▶ _EXERCISE DESCRIPTION_
Where does the string "marker" occur in the entries below? Copy every line where it does.

▶ _DATASET_
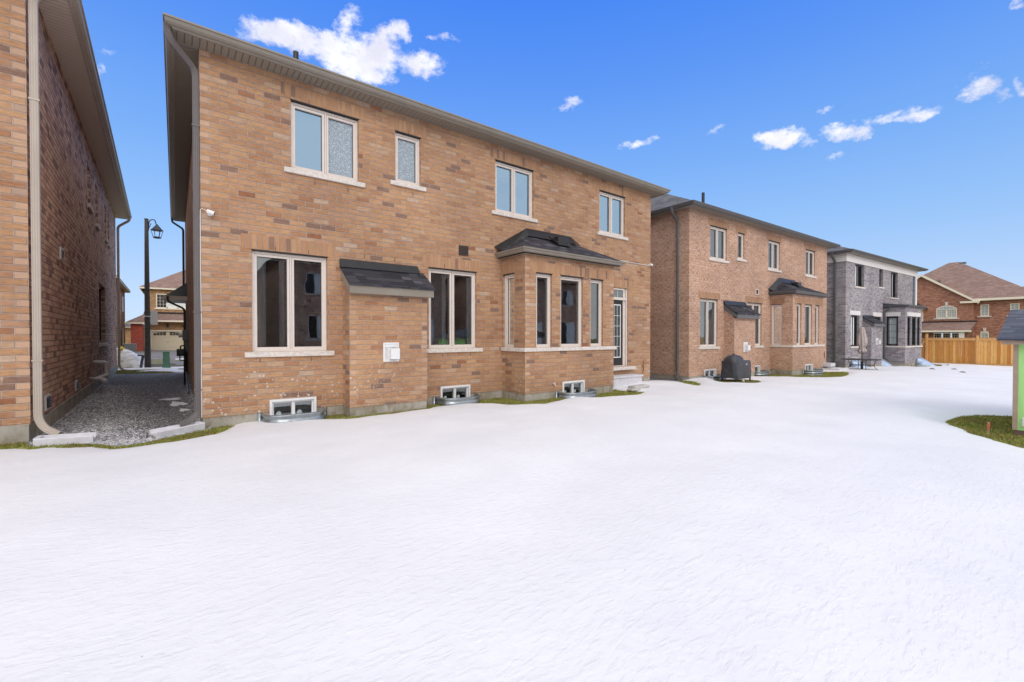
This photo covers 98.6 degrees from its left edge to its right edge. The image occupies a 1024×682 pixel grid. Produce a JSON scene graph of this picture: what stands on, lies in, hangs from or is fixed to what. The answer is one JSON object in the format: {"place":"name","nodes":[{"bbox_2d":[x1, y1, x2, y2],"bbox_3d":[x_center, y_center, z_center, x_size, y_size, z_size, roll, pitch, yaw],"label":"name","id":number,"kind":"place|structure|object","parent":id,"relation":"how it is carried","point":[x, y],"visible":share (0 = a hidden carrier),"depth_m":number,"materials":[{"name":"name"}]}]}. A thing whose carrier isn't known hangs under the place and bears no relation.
{"place":"outdoors","nodes":[
{"label":"outdoors","id":0,"kind":"place"},
{"bbox_2d":[124,343,136,353],"bbox_3d":[-25.069,0.667,28.929,0.600,1.000,0.500,0,1,-37],"label":"utility cabinet","id":1,"kind":"object","parent":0,"point":[132,347],"visible":0.49,"depth_m":28.80,"materials":[{"name":"metal"}]},
{"bbox_2d":[137,350,183,358],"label":"driveway","id":2,"kind":"structure","parent":0,"point":[159,353],"depth_m":37.23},
{"bbox_2d":[170,361,183,364],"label":"road","id":3,"kind":"structure","parent":0,"point":[178,362],"depth_m":25.87,"materials":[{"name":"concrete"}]},
{"bbox_2d":[0,338,1023,449],"bbox_3d":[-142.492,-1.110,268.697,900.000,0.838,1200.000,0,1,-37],"label":"ground","id":4,"kind":"structure","parent":0,"point":[994,439],"depth_m":8.12,"materials":[{"name":"green plant"}]},
{"bbox_2d":[0,0,131,443],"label":"brick house","id":5,"kind":"structure","parent":4,"relation":"on","point":[64,203],"depth_m":7.51,"materials":[{"name":"brick"}]},
{"bbox_2d":[87,203,93,213],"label":"window","id":6,"kind":"structure","parent":5,"relation":"in","point":[89,206],"depth_m":11.64,"materials":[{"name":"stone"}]},
{"bbox_2d":[95,223,100,230],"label":"window","id":7,"kind":"structure","parent":5,"relation":"in","point":[97,226],"depth_m":12.98,"materials":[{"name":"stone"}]},
{"bbox_2d":[99,287,107,346],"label":"window","id":8,"kind":"structure","parent":5,"relation":"in","point":[100,344],"depth_m":14.84,"materials":[{"name":"glass"}]},
{"bbox_2d":[27,373,212,446],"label":"gravel","id":9,"kind":"structure","parent":4,"relation":"on","point":[171,382],"depth_m":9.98,"materials":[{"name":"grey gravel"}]},
{"bbox_2d":[33,432,96,446],"bbox_3d":[-6.325,1.388,6.247,0.600,0.130,0.320,0,1,-36],"label":"splash block","id":10,"kind":"object","parent":9,"relation":"on","point":[59,439],"depth_m":6.18,"materials":[{"name":"white concrete"}]},
{"bbox_2d":[159,397,179,399],"bbox_3d":[-8.333,1.434,10.805,0.599,0.063,0.682,0,1,5],"label":"snow patch","id":11,"kind":"object","parent":9,"relation":"on","point":[170,398],"visible":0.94,"depth_m":10.68,"materials":[{"name":"white snow"}]},
{"bbox_2d":[149,421,204,436],"bbox_3d":[-5.362,1.416,7.077,0.320,0.130,0.660,0,1,29],"label":"splash block","id":12,"kind":"object","parent":9,"relation":"on","point":[177,429],"depth_m":7.00,"materials":[{"name":"white concrete"}]},
{"bbox_2d":[169,401,186,405],"bbox_3d":[-7.651,1.446,10.085,0.452,0.064,1.310,0,1,-37],"label":"snow patch","id":13,"kind":"object","parent":9,"relation":"on","point":[174,403],"visible":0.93,"depth_m":9.98,"materials":[{"name":"white snow"}]},
{"bbox_2d":[116,275,129,347],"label":"brick house","id":14,"kind":"structure","parent":4,"relation":"on","point":[124,289],"depth_m":45.65,"materials":[{"name":"brown brick"}]},
{"bbox_2d":[122,328,123,345],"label":"window","id":15,"kind":"structure","parent":14,"relation":"in","point":[122,328],"depth_m":47.24,"materials":[{"name":"glass"}]},
{"bbox_2d":[125,324,130,343],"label":"brick house","id":16,"kind":"structure","parent":4,"relation":"on","point":[127,333],"depth_m":61.90,"materials":[{"name":"grey brick"}]},
{"bbox_2d":[117,348,143,367],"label":"snow bank","id":17,"kind":"structure","parent":4,"relation":"on","point":[130,359],"depth_m":20.84,"materials":[{"name":"white snow"}]},
{"bbox_2d":[124,314,143,350],"bbox_3d":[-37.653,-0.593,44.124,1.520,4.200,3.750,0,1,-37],"label":"brick house","id":18,"kind":"structure","parent":4,"relation":"on","point":[137,330],"depth_m":43.10,"materials":[{"name":"brown brick"}]},
{"bbox_2d":[137,355,145,367],"bbox_3d":[-17.108,0.966,20.290,0.320,0.640,0.040,10,-5,-37],"label":"marker post","id":19,"kind":"object","parent":4,"relation":"on","point":[142,360],"visible":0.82,"depth_m":20.29,"materials":[{"name":"grey metal"}]},
{"bbox_2d":[118,367,176,369],"bbox_3d":[-16.854,1.263,19.790,3.017,0.114,0.822,0,1,-37],"label":"snow patch","id":20,"kind":"object","parent":4,"relation":"on","point":[156,368],"visible":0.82,"depth_m":19.84,"materials":[{"name":"white snow"}]},
{"bbox_2d":[143,218,162,367],"bbox_3d":[-16.782,-2.102,20.631,0.755,7.190,0.416,0,1,-37],"label":"street lamp","id":21,"kind":"object","parent":4,"relation":"on","point":[151,315],"visible":0.99,"depth_m":20.42,"materials":[{"name":"metal"}]},
{"bbox_2d":[137,369,183,371],"bbox_3d":[-15.586,1.312,19.496,2.238,0.086,1.305,0,1,-37],"label":"snow patch","id":22,"kind":"object","parent":4,"relation":"on","point":[165,370],"visible":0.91,"depth_m":19.34,"materials":[{"name":"white snow"}]},
{"bbox_2d":[139,271,185,349],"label":"garage house","id":23,"kind":"structure","parent":4,"relation":"on","point":[170,317],"depth_m":47.18,"materials":[{"name":"brick"}]},
{"bbox_2d":[150,330,182,349],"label":"garage door","id":24,"kind":"structure","parent":23,"relation":"in","point":[165,340],"depth_m":47.30,"materials":[{"name":"paint"}]},
{"bbox_2d":[154,294,185,309],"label":"window","id":25,"kind":"structure","parent":23,"relation":"in","point":[160,304],"depth_m":47.09,"materials":[{"name":"glass"}]},
{"bbox_2d":[162,351,170,367],"bbox_3d":[-16.062,0.951,20.460,0.320,0.940,0.260,0,1,-37],"label":"utility pedestal","id":26,"kind":"object","parent":4,"relation":"on","point":[166,360],"visible":0.77,"depth_m":20.38,"materials":[{"name":"green metal"}]},
{"bbox_2d":[151,363,183,366],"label":"kerb","id":27,"kind":"structure","parent":4,"relation":"on","point":[160,365],"depth_m":21.84,"materials":[{"name":"concrete"}]},
{"bbox_2d":[151,358,183,361],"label":"kerb","id":28,"kind":"structure","parent":4,"relation":"on","point":[159,359],"depth_m":26.59,"materials":[{"name":"concrete"}]},
{"bbox_2d":[162,12,670,427],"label":"brick house","id":29,"kind":"structure","parent":4,"relation":"on","point":[351,247],"depth_m":9.27,"materials":[{"name":"brick"}]},
{"bbox_2d":[241,233,334,357],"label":"window","id":30,"kind":"structure","parent":29,"relation":"in","point":[289,282],"depth_m":8.44,"materials":[{"name":"clear glass"}]},
{"bbox_2d":[269,396,316,414],"bbox_3d":[-4.241,1.288,8.448,0.800,0.435,0.530,0,1,-37],"label":"basement window","id":31,"kind":"structure","parent":29,"relation":"in","point":[292,405],"depth_m":8.48,"materials":[{"name":"white plastic"}]},
{"bbox_2d":[281,82,365,187],"bbox_3d":[-3.649,-3.947,8.599,1.555,1.632,0.175,0,1,-37],"label":"window","id":32,"kind":"structure","parent":29,"relation":"in","point":[324,145],"depth_m":8.60,"materials":[{"name":"clear glass"}]},
{"bbox_2d":[388,116,425,191],"bbox_3d":[-2.297,-4.051,9.632,0.890,1.437,0.175,0,1,-37],"label":"window","id":33,"kind":"structure","parent":29,"relation":"in","point":[406,147],"depth_m":9.67,"materials":[{"name":"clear glass"}]},
{"bbox_2d":[431,334,463,348],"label":"window","id":34,"kind":"structure","parent":29,"relation":"in","point":[438,339],"depth_m":10.74,"materials":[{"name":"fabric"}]},
{"bbox_2d":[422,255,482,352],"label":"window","id":35,"kind":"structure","parent":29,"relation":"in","point":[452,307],"depth_m":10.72,"materials":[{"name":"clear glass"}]},
{"bbox_2d":[440,384,469,397],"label":"basement window","id":36,"kind":"structure","parent":29,"relation":"in","point":[458,391],"depth_m":10.39,"materials":[{"name":"white plastic"}]},
{"bbox_2d":[490,147,537,222],"bbox_3d":[0.047,-3.989,11.425,1.550,1.642,0.175,0,1,-37],"label":"window","id":37,"kind":"structure","parent":29,"relation":"in","point":[513,185],"depth_m":11.44,"materials":[{"name":"glass"}]},
{"bbox_2d":[503,273,541,347],"bbox_3d":[0.393,-0.757,11.326,1.227,1.870,0.490,0,1,-37],"label":"window","id":38,"kind":"structure","parent":29,"relation":"in","point":[509,279],"depth_m":11.12,"materials":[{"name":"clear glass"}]},
{"bbox_2d":[536,272,552,347],"bbox_3d":[0.422,-0.756,11.303,0.555,1.870,1.242,0,1,-37],"label":"window","id":39,"kind":"structure","parent":29,"relation":"in","point":[545,278],"depth_m":11.00,"materials":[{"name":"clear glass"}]},
{"bbox_2d":[560,275,583,346],"bbox_3d":[1.185,-0.763,11.886,0.855,1.870,1.242,0,1,-37],"label":"window","id":40,"kind":"structure","parent":29,"relation":"in","point":[570,285],"depth_m":11.99,"materials":[{"name":"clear glass"}]},
{"bbox_2d":[562,380,584,392],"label":"basement window","id":41,"kind":"structure","parent":29,"relation":"in","point":[578,386],"depth_m":11.48,"materials":[{"name":"white plastic"}]},
{"bbox_2d":[590,278,602,346],"bbox_3d":[1.940,-0.769,12.463,0.545,1.870,1.242,0,1,-37],"label":"window","id":42,"kind":"structure","parent":29,"relation":"in","point":[595,327],"depth_m":12.34,"materials":[{"name":"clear glass"}]},
{"bbox_2d":[596,180,627,240],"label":"window","id":43,"kind":"structure","parent":29,"relation":"in","point":[611,207],"depth_m":14.10,"materials":[{"name":"glass"}]},
{"bbox_2d":[0,363,1023,681],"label":"snow","id":44,"kind":"structure","parent":4,"relation":"on","point":[860,525],"depth_m":3.15,"materials":[{"name":"white snow"}]},
{"bbox_2d":[627,388,640,390],"bbox_3d":[3.484,1.389,12.599,0.420,0.060,0.200,0,1,-37],"label":"paving stone","id":45,"kind":"object","parent":44,"relation":"on","point":[633,389],"visible":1,"depth_m":12.52,"materials":[{"name":"concrete"}]},
{"bbox_2d":[628,384,649,387],"bbox_3d":[3.761,1.347,13.043,0.700,0.075,0.270,0,1,-37],"label":"paving stone","id":46,"kind":"object","parent":44,"relation":"on","point":[639,386],"visible":0.89,"depth_m":12.96,"materials":[{"name":"concrete"}]},
{"bbox_2d":[857,327,867,368],"bbox_3d":[18.638,0.393,23.441,0.452,2.290,0.446,0,1,-37],"label":"parasol","id":47,"kind":"object","parent":44,"relation":"on","point":[862,340],"visible":0.95,"depth_m":23.35,"materials":[{"name":"beige fabric"}]},
{"bbox_2d":[843,358,881,369],"bbox_3d":[18.644,1.252,23.459,1.640,0.592,1.640,0,1,-37],"label":"patio table","id":48,"kind":"object","parent":44,"relation":"on","point":[858,364],"visible":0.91,"depth_m":23.08,"materials":[{"name":"black metal"}]},
{"bbox_2d":[916,357,936,365],"bbox_3d":[26.726,1.354,28.321,1.340,0.540,0.823,0,1,-34],"label":"window well cover","id":49,"kind":"object","parent":44,"relation":"on","point":[920,361],"depth_m":28.16,"materials":[{"name":"clear plastic"}]},
{"bbox_2d":[613,374,643,387],"bbox_3d":[3.461,1.287,13.723,1.450,0.440,0.475,0,1,-37],"label":"door step","id":50,"kind":"object","parent":4,"relation":"on","point":[622,379],"depth_m":13.54,"materials":[{"name":"white concrete"}]},
{"bbox_2d":[650,377,682,380],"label":"gravel","id":51,"kind":"structure","parent":4,"relation":"on","point":[654,378],"depth_m":16.63,"materials":[{"name":"stone"}]},
{"bbox_2d":[721,353,750,381],"bbox_3d":[8.193,0.967,16.101,1.203,1.054,0.634,0,1,-35],"label":"barbecue","id":52,"kind":"object","parent":4,"relation":"on","point":[735,367],"visible":0.96,"depth_m":15.78,"materials":[{"name":"black fabric"}]},
{"bbox_2d":[650,192,840,379],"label":"brick house","id":53,"kind":"structure","parent":4,"relation":"on","point":[724,283],"depth_m":17.68,"materials":[{"name":"brick"}]},
{"bbox_2d":[698,291,719,348],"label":"window","id":54,"kind":"structure","parent":53,"relation":"in","point":[707,299],"depth_m":17.07,"materials":[{"name":"clear glass"}]},
{"bbox_2d":[704,369,715,375],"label":"basement window","id":55,"kind":"structure","parent":53,"relation":"in","point":[707,372],"depth_m":17.09,"materials":[{"name":"white plastic"}]},
{"bbox_2d":[708,218,728,263],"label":"window","id":56,"kind":"structure","parent":53,"relation":"in","point":[717,235],"depth_m":17.40,"materials":[{"name":"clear glass"}]},
{"bbox_2d":[736,225,746,261],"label":"window","id":57,"kind":"structure","parent":53,"relation":"in","point":[741,230],"depth_m":18.49,"materials":[{"name":"clear glass"}]},
{"bbox_2d":[746,296,763,347],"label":"window","id":58,"kind":"structure","parent":53,"relation":"in","point":[754,303],"depth_m":19.35,"materials":[{"name":"clear glass"}]},
{"bbox_2d":[755,365,759,371],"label":"basement window","id":59,"kind":"structure","parent":53,"relation":"in","point":[757,368],"depth_m":19.27,"materials":[{"name":"white plastic"}]},
{"bbox_2d":[767,234,781,272],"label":"window","id":60,"kind":"structure","parent":53,"relation":"in","point":[773,248],"depth_m":20.11,"materials":[{"name":"clear glass"}]},
{"bbox_2d":[772,304,781,344],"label":"window","id":61,"kind":"structure","parent":53,"relation":"in","point":[776,308],"depth_m":19.71,"materials":[{"name":"beige glass"}]},
{"bbox_2d":[781,303,799,344],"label":"window","id":62,"kind":"structure","parent":53,"relation":"in","point":[798,305],"depth_m":19.61,"materials":[{"name":"clear glass"}]},
{"bbox_2d":[805,304,810,344],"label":"window","id":63,"kind":"structure","parent":53,"relation":"in","point":[807,307],"depth_m":20.28,"materials":[{"name":"clear glass"}]},
{"bbox_2d":[804,364,812,369],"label":"basement window","id":64,"kind":"structure","parent":53,"relation":"in","point":[807,366],"depth_m":20.17,"materials":[{"name":"white plastic"}]},
{"bbox_2d":[805,244,816,277],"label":"window","id":65,"kind":"structure","parent":53,"relation":"in","point":[810,249],"depth_m":22.34,"materials":[{"name":"clear glass"}]},
{"bbox_2d":[815,305,818,344],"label":"window","id":66,"kind":"structure","parent":53,"relation":"in","point":[816,306],"depth_m":20.70,"materials":[{"name":"clear glass"}]},
{"bbox_2d":[822,363,848,370],"bbox_3d":[16.815,1.384,22.960,1.400,0.480,0.850,0,1,-35],"label":"door step","id":67,"kind":"object","parent":4,"relation":"on","point":[828,366],"depth_m":22.71,"materials":[{"name":"white concrete"}]},
{"bbox_2d":[851,360,867,367],"bbox_3d":[20.073,1.339,25.261,1.340,0.460,0.624,0,1,-34],"label":"window well cover","id":68,"kind":"object","parent":4,"relation":"on","point":[854,361],"depth_m":25.14,"materials":[{"name":"clear plastic"}]},
{"bbox_2d":[826,246,928,367],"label":"brick house","id":69,"kind":"structure","parent":4,"relation":"on","point":[874,295],"depth_m":26.43,"materials":[{"name":"brick"}]},
{"bbox_2d":[850,310,859,347],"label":"window","id":70,"kind":"structure","parent":69,"relation":"in","point":[853,314],"depth_m":25.76,"materials":[{"name":"clear glass"}]},
{"bbox_2d":[854,264,865,288],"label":"window","id":71,"kind":"structure","parent":69,"relation":"in","point":[858,269],"depth_m":26.14,"materials":[{"name":"clear glass"}]},
{"bbox_2d":[873,312,881,319],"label":"window","id":72,"kind":"structure","parent":69,"relation":"in","point":[877,314],"depth_m":27.50,"materials":[{"name":"white glass"}]},
{"bbox_2d":[880,272,898,299],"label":"window","id":73,"kind":"structure","parent":69,"relation":"in","point":[893,275],"depth_m":29.39,"materials":[{"name":"clear glass"}]},
{"bbox_2d":[886,316,897,345],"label":"window","id":74,"kind":"structure","parent":69,"relation":"in","point":[892,321],"depth_m":27.82,"materials":[{"name":"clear glass"}]},
{"bbox_2d":[896,316,910,345],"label":"window","id":75,"kind":"structure","parent":69,"relation":"in","point":[908,317],"depth_m":27.78,"materials":[{"name":"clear glass"}]},
{"bbox_2d":[911,316,914,345],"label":"window","id":76,"kind":"structure","parent":69,"relation":"in","point":[913,318],"depth_m":28.41,"materials":[{"name":"black glass"}]},
{"bbox_2d":[913,276,914,304],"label":"corner window","id":77,"kind":"structure","parent":69,"relation":"in","point":[913,276],"depth_m":31.11,"materials":[{"name":"glass"}]},
{"bbox_2d":[917,317,918,345],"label":"window","id":78,"kind":"structure","parent":69,"relation":"in","point":[917,317],"depth_m":28.80,"materials":[{"name":"black glass"}]},
{"bbox_2d":[881,359,892,366],"bbox_3d":[23.002,1.322,27.103,1.240,0.540,0.774,0,1,-34],"label":"window well cover","id":79,"kind":"object","parent":4,"relation":"on","point":[885,363],"depth_m":26.86,"materials":[{"name":"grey plastic"}]},
{"bbox_2d":[921,334,1012,365],"bbox_3d":[36.508,0.674,23.553,0.175,2.225,22.940,0,1,-37],"label":"fence","id":80,"kind":"object","parent":4,"relation":"on","point":[956,350],"visible":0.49,"depth_m":30.32,"materials":[{"name":"brown wood"}]},
{"bbox_2d":[917,262,1023,356],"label":"brick house","id":81,"kind":"structure","parent":4,"relation":"on","point":[960,299],"depth_m":49.71,"materials":[{"name":"brown brick"}]},
{"bbox_2d":[934,333,941,337],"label":"window","id":82,"kind":"structure","parent":81,"relation":"in","point":[936,335],"depth_m":50.88,"materials":[{"name":"white glass"}]},
{"bbox_2d":[933,302,958,318],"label":"window","id":83,"kind":"structure","parent":81,"relation":"in","point":[943,312],"depth_m":50.28,"materials":[{"name":"glass"}]},
{"bbox_2d":[943,333,950,337],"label":"window","id":84,"kind":"structure","parent":81,"relation":"in","point":[945,335],"depth_m":50.29,"materials":[{"name":"white glass"}]},
{"bbox_2d":[952,333,958,337],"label":"window","id":85,"kind":"structure","parent":81,"relation":"in","point":[954,335],"depth_m":49.77,"materials":[{"name":"white glass"}]},
{"bbox_2d":[977,304,991,316],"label":"window","id":86,"kind":"structure","parent":81,"relation":"in","point":[984,309],"depth_m":48.38,"materials":[{"name":"glass"}]},
{"bbox_2d":[980,328,988,337],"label":"window","id":87,"kind":"structure","parent":81,"relation":"in","point":[984,334],"depth_m":48.36,"materials":[{"name":"glass"}]},
{"bbox_2d":[1006,303,1019,316],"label":"window","id":88,"kind":"structure","parent":81,"relation":"in","point":[1014,306],"depth_m":46.61,"materials":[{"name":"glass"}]},
{"bbox_2d":[987,422,989,432],"bbox_3d":[7.841,1.447,7.245,0.030,0.230,0.030,0,1,-37],"label":"marker stake","id":89,"kind":"object","parent":4,"relation":"on","point":[988,426],"visible":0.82,"depth_m":7.24,"materials":[{"name":"plastic"}]},
{"bbox_2d":[996,309,1023,435],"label":"shed","id":90,"kind":"structure","parent":4,"relation":"on","point":[1011,331],"depth_m":7.04,"materials":[{"name":"green"}]},
{"bbox_2d":[82,0,1023,337],"label":"sky","id":91,"kind":"structure","parent":0,"point":[892,129],"materials":[{"name":"blue"}]}
]}

▶ _ANSWER FOR THIS EXERCISE_
{"bbox_2d":[137,355,145,367],"bbox_3d":[-17.108,0.966,20.290,0.320,0.640,0.040,10,-5,-37],"label":"marker post","id":19,"kind":"object","parent":4,"relation":"on","point":[142,360],"visible":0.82,"depth_m":20.29,"materials":[{"name":"grey metal"}]},
{"bbox_2d":[987,422,989,432],"bbox_3d":[7.841,1.447,7.245,0.030,0.230,0.030,0,1,-37],"label":"marker stake","id":89,"kind":"object","parent":4,"relation":"on","point":[988,426],"visible":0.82,"depth_m":7.24,"materials":[{"name":"plastic"}]},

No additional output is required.